Wittgenstein walgde zelf soms ook van filosofie en zocht ook naar een eenheid van bewustzijn, een mystieke betekenis als het tegenovergestelde van de filosofie. En hij benijdde mensen die iets concreets deden in het leven, zoals een automonteur.’
Wat te doen?
‘Het idee van solipsisme, zegt Wittgenstein, kan alleen opkomen als je stilzit. Ga je bewegen, dan stoot je – soms letterlijk – tegen de externe wereld. Hij toont in Filosofische onderzoekingen (1953) ook de paradox van dit filosofische solipsisme. Zeggen: “Deze wereld is mijn wereld” is volgens hem onzinnig en onlogisch, want spreken veronderstelt al een ander – de betekenis van woorden is namelijk afhankelijk van het publieke gebruik ervan. Hij concludeert dat een solipsist altijd een quasisolipsist is; hij gelooft niet echt dat de wereld louter een product van zijn eigen geest is.’
In uw boek The Paradoxes of Delusion: Wittgenstein, Schreber and the Schizophrenic Mind (1995) gebruikt u Wittgenstein om te analyseren wat er in de waan van Daniel Paul Schreber gebeurde.

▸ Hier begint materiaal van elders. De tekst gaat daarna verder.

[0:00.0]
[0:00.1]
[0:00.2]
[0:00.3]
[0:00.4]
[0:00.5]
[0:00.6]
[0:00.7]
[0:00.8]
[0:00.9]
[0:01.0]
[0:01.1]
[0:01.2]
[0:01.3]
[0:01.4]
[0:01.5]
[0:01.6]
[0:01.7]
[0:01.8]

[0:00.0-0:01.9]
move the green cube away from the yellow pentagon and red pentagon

Deze Duitse rechter publiceerde in 1903, na een langdurige opname in een psychiatrich ziekenhuis, zijn Denkwürdigkeiten eines Nervenkranken, die onder anderen Freud, Karl Jaspers en Lacan als een casestudy gebruikten.

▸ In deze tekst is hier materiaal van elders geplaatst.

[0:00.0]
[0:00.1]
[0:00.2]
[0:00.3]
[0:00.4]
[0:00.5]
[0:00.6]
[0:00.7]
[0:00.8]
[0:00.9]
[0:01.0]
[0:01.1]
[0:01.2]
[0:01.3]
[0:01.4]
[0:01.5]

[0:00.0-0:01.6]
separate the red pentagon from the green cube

‘Mijn boek gaat niet over Wittgenstein zelf. Ik pas zijn analyse toe op Schreber, die in zijn wanen afwisselend meende dat hij aangestuurd werd door God of God zelf was. Schreber gelooft niet letterlijk in zijn wanen, hij trekt zich terug in zijn solipsistische wereld en dat sluit aan bij Wittgensteins constatering dat een solipsist eigenlijk een quasi-solipsist is. Door die paradox te zien, kunnen we anders over de waan denken.’
Hoe zouden psychiaters en hulpverleners om moeten gaan met psychotici?
‘Behandelingen die te cognitief zijn, die inzicht – in de onjuistheid van de waan – aanmoedigen, kunnen juist de neiging tot hyperreflexiviteit verergeren. Maar een bepaalde vorm van introspectie, waarin de patiënt en de arts de hyperreflexiviteit benoemen, kan helpen. Ik heb dat gedaan met patiënten. Belangrijk daarbij is om te begrijpen wat deze mensen zo anders maakt.
Maar we moeten ook niet doen of de psychose zo mooi is; er is een verschil tussen empathie en romantiseren. Ze hebben geen fijn leven. We moeten ze helpen, maar tegelijkertijd hun innerlijke wereld respecteren. Van belang is dat we ze helpen hun zelfgevoel, de verbinding met hun eigen lichaam en de wereld om hen heen te versterken, zodat hun innerlijke hyperreflexieve wereld daarin geïntegreerd kan worden. Maar dat is moeilijk als hun perspectief op de wereld en hun innerlijk leven zo gedevalueerd worden.’